(Source records)
# # #
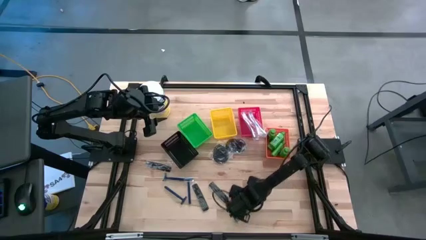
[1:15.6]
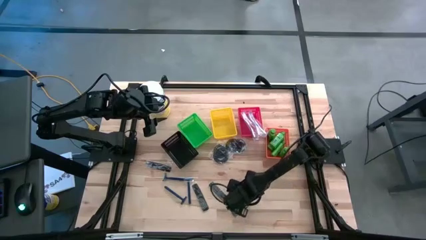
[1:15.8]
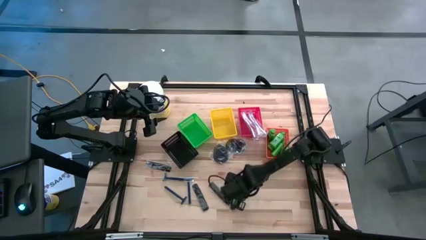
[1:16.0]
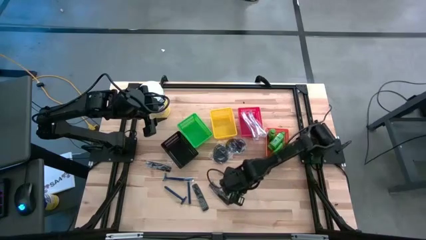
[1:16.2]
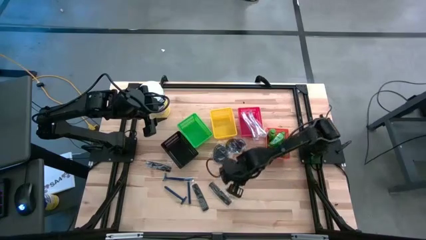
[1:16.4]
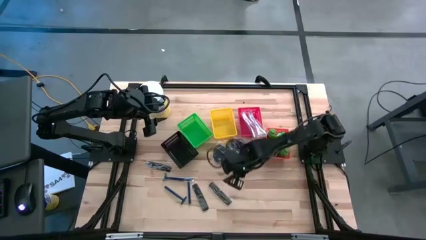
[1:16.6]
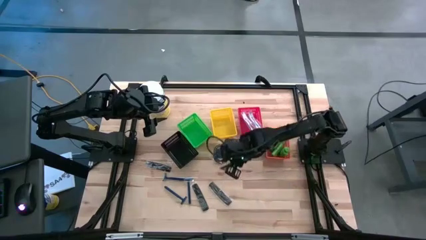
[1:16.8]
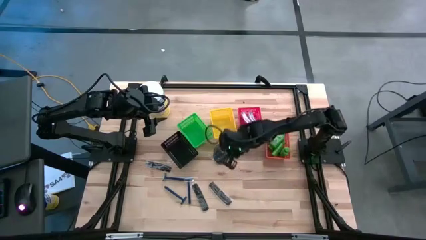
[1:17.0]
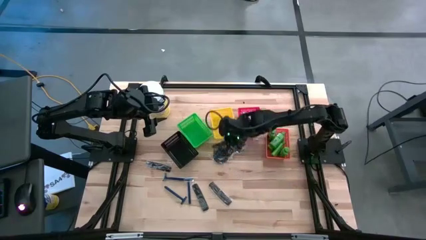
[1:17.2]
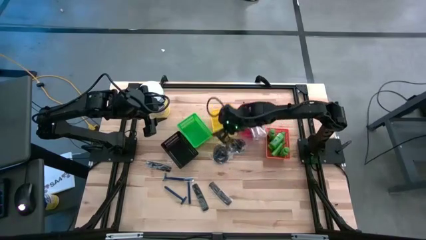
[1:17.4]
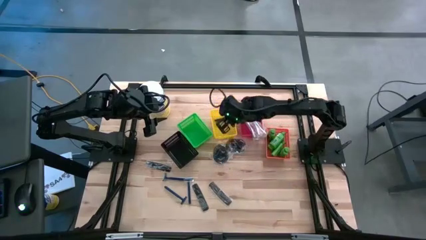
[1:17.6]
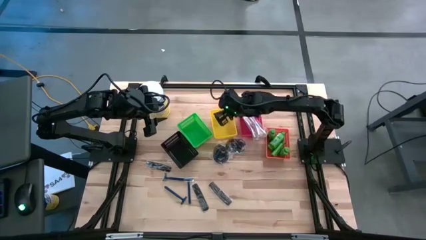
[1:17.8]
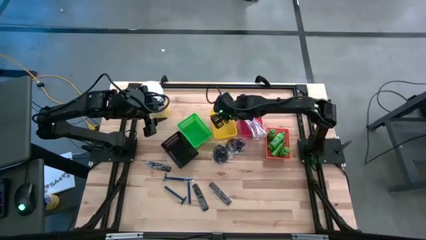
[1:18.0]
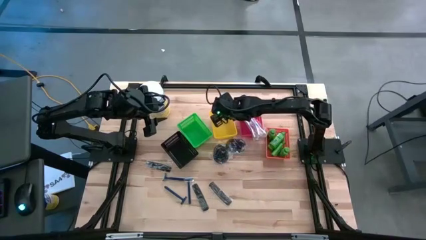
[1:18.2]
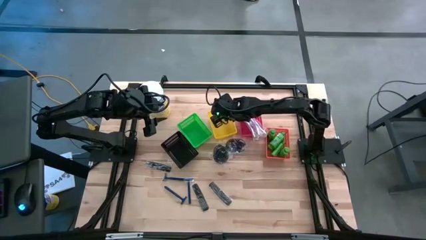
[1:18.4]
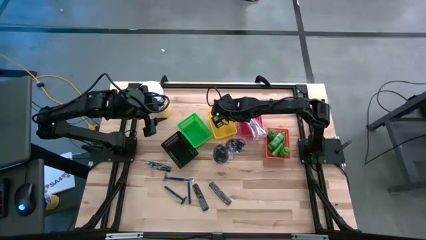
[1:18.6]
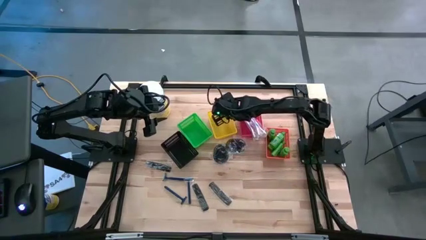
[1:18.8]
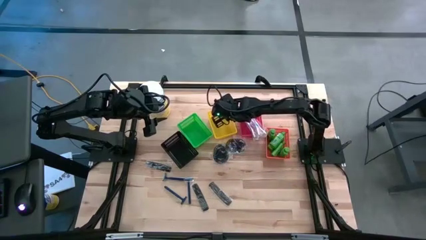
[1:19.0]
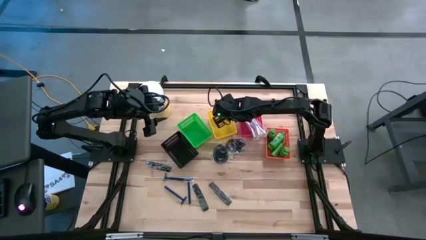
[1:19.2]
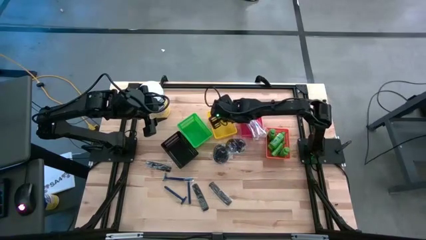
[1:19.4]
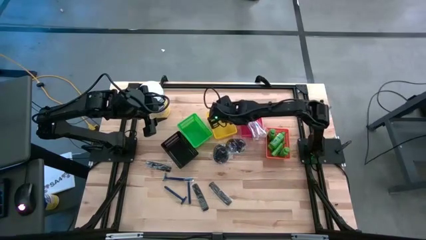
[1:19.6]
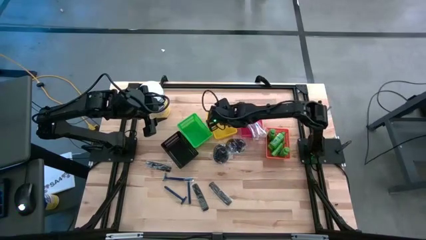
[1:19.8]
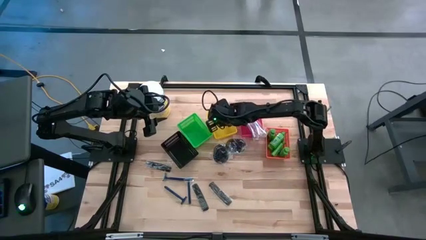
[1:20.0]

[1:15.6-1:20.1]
Put the black hair comb into the yellow bin
# # #
## Work to complete
In repeating the entries, exclude the pictures and alter nothing else.

## Finished task
[1:15.6]
[1:15.8]
[1:16.0]
[1:16.2]
[1:16.4]
[1:16.6]
[1:16.8]
[1:17.0]
[1:17.2]
[1:17.4]
[1:17.6]
[1:17.8]
[1:18.0]
[1:18.2]
[1:18.4]
[1:18.6]
[1:18.8]
[1:19.0]
[1:19.2]
[1:19.4]
[1:19.6]
[1:19.8]
[1:20.0]

[1:15.6-1:20.1]
Put the black hair comb into the yellow bin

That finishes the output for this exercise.